I feel like it doesn't because it decreases too slowly. I need it to find the value of the integral from 2 to infinity of 1/(x(lnx)squared). The integral ends up being -1/(lnb) + 1/(ln2). as b approaches infinity
2006-12-10 19:16:45 · 8 answers · asked by Anonymous in Science & Mathematics ➔ Mathematics
Are you sure? Because I remember there being an example in class where it was getting smaller and smaller but it didn't imply convergence.

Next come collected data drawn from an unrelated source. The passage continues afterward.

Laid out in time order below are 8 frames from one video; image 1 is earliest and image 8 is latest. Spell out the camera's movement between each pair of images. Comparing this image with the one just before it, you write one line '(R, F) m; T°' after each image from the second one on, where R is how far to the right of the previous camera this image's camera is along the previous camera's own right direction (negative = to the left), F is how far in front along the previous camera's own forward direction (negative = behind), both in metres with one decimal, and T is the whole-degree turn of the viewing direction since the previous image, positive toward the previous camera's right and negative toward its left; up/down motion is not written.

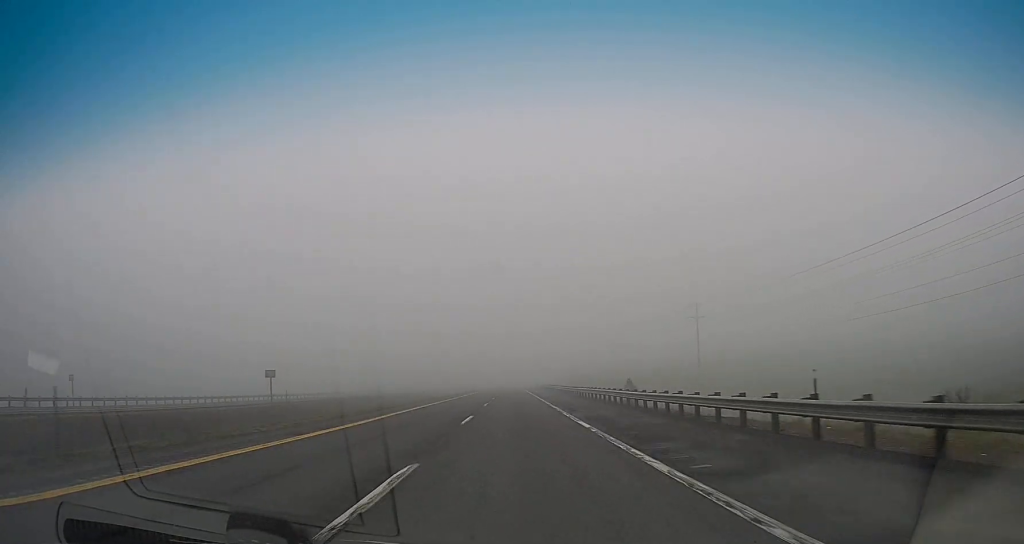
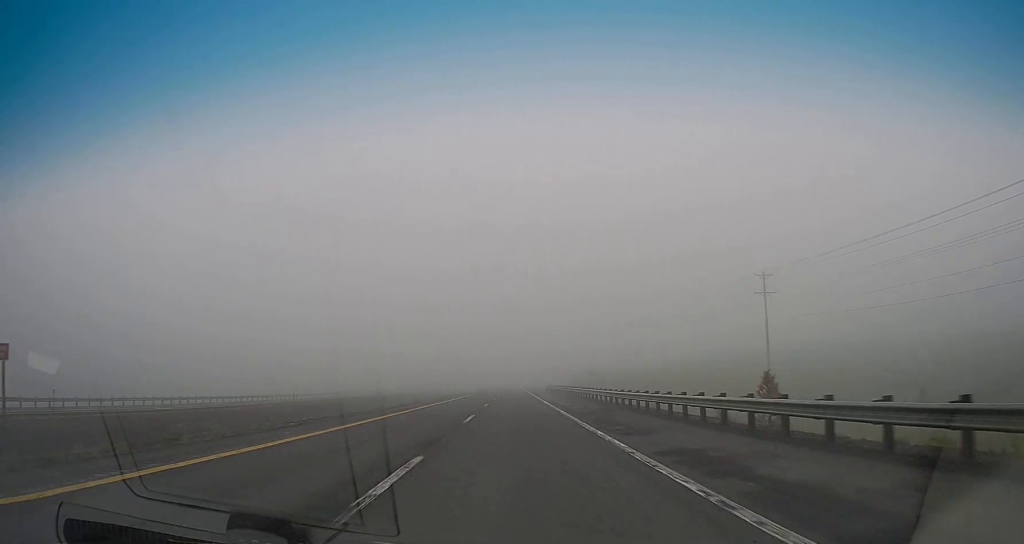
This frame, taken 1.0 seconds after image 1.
(+0.2, +28.2) m; 0°
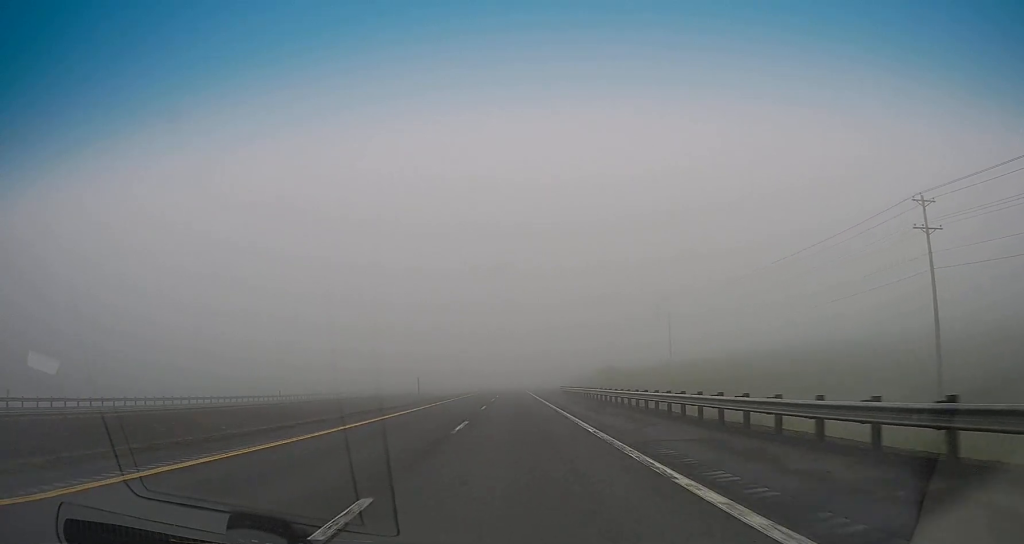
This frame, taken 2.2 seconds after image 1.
(-0.4, +35.1) m; -1°
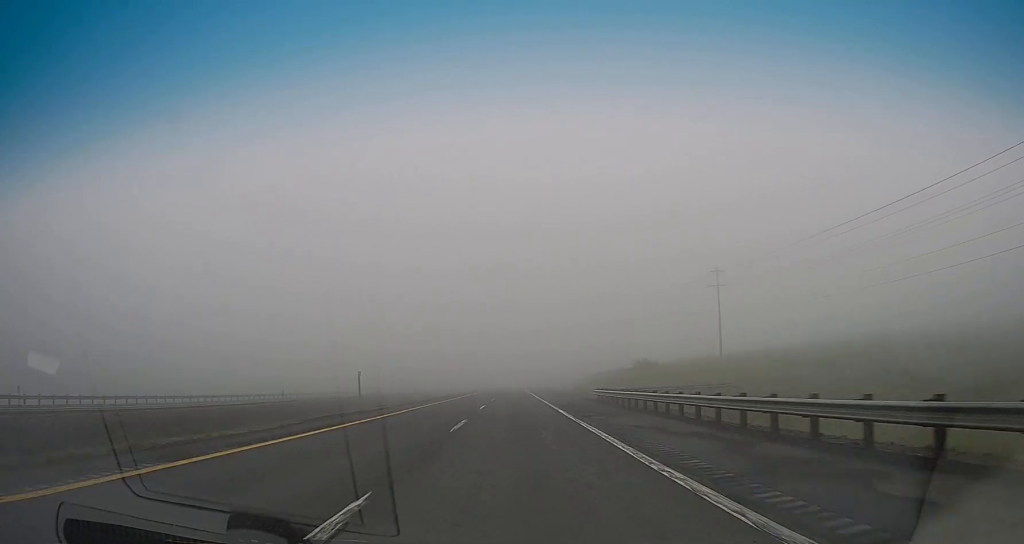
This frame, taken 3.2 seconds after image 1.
(0.0, +33.2) m; +1°
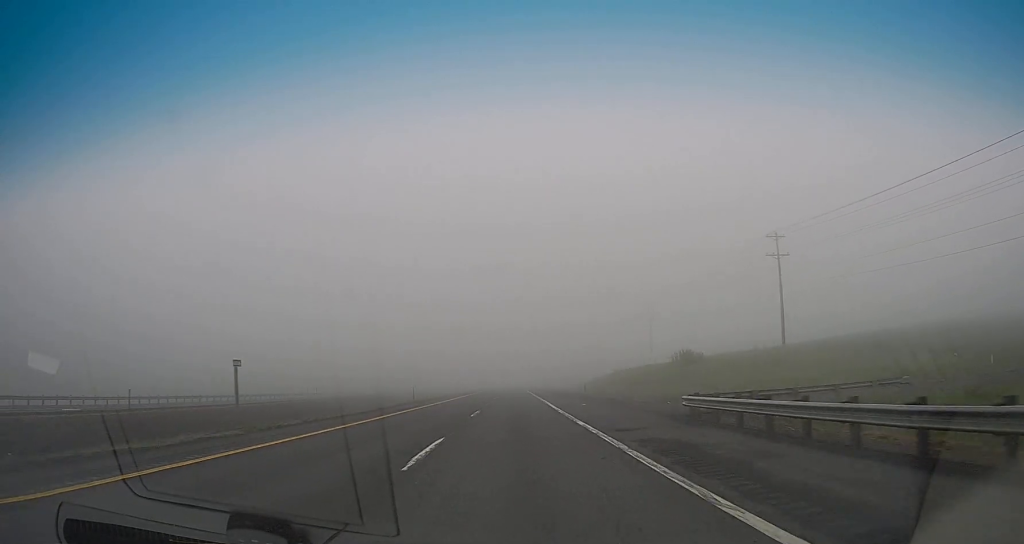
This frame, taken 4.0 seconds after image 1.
(+0.2, +25.4) m; 0°
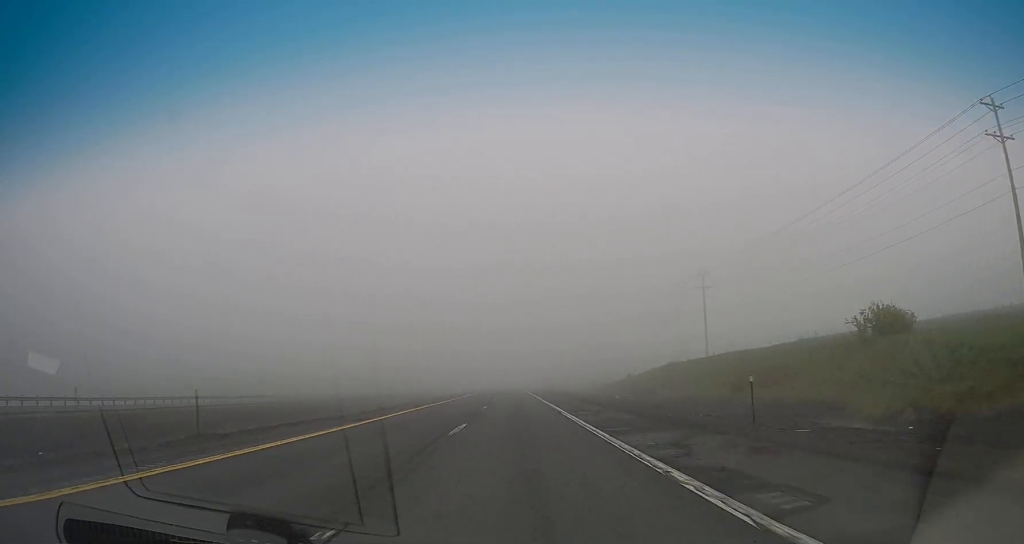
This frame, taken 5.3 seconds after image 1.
(-0.1, +39.5) m; 0°
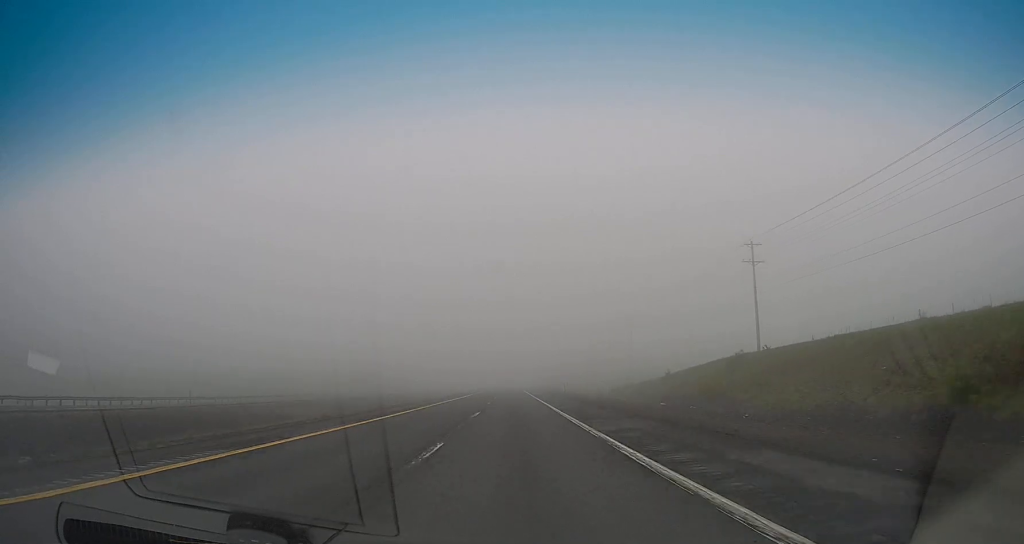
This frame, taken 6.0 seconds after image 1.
(0.0, +21.1) m; 0°
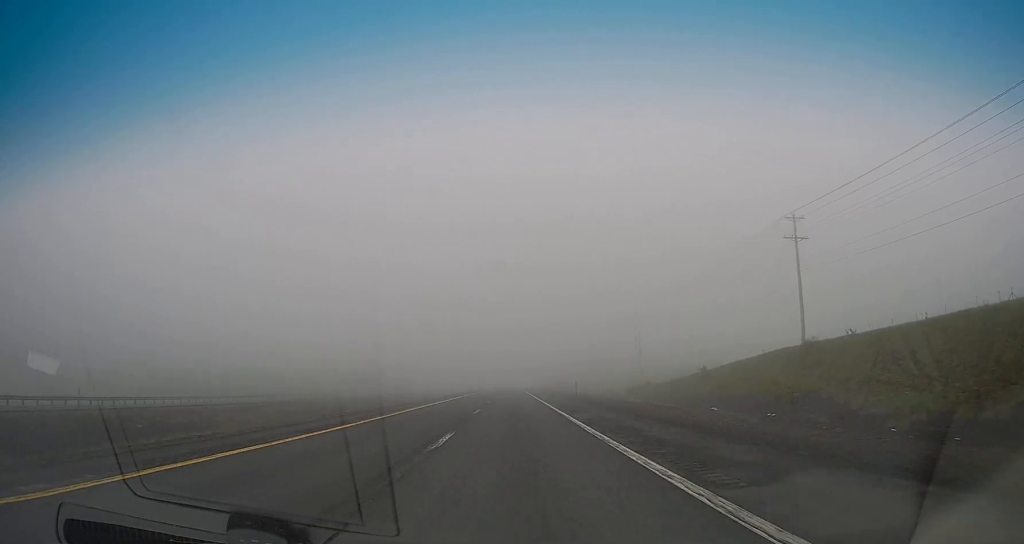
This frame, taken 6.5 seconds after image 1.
(0.0, +11.2) m; 0°

2006-12-10 19:27:48 · update #1
I think it actually depends on the direction of the curve of the function. I the curves move apart, then yes, the limit is infinitismal. If one curve overtakes the other, then the limit will evenually meet zero. You must know more than simply the integral of x. It does matter if it gets there slowly, with respect to proportions. If you halve x over and over, it will never truly reacy zero. If the curve is too gentle, it will will theoretically "straighten" before zero. But this can only occur in a single case.
2006-12-10 19:51:16 · answer #1 · answered by Rockstar 6 · 0⤊ 0⤋
Yes, that's correct. The limit of 1/lnx as x-->positive infinity is 0 . That's beacause lnx approaches positive infinity as x approaches positive infinity. So 1 divided by a very big number goes near zero as the divisor gets larger and larger and the whole thing (1/lnx) approaches 0 as x approaches positive infinity. Hence, the answer to the said integral is ln2.
2006-12-10 19:32:39 · answer #2 · answered by jayem 1 · 1⤊ 0⤋
yes, as x goes to infinity so does lnx...because it is 1/lnx, then the bigger the denominator the closer the number gets to zero..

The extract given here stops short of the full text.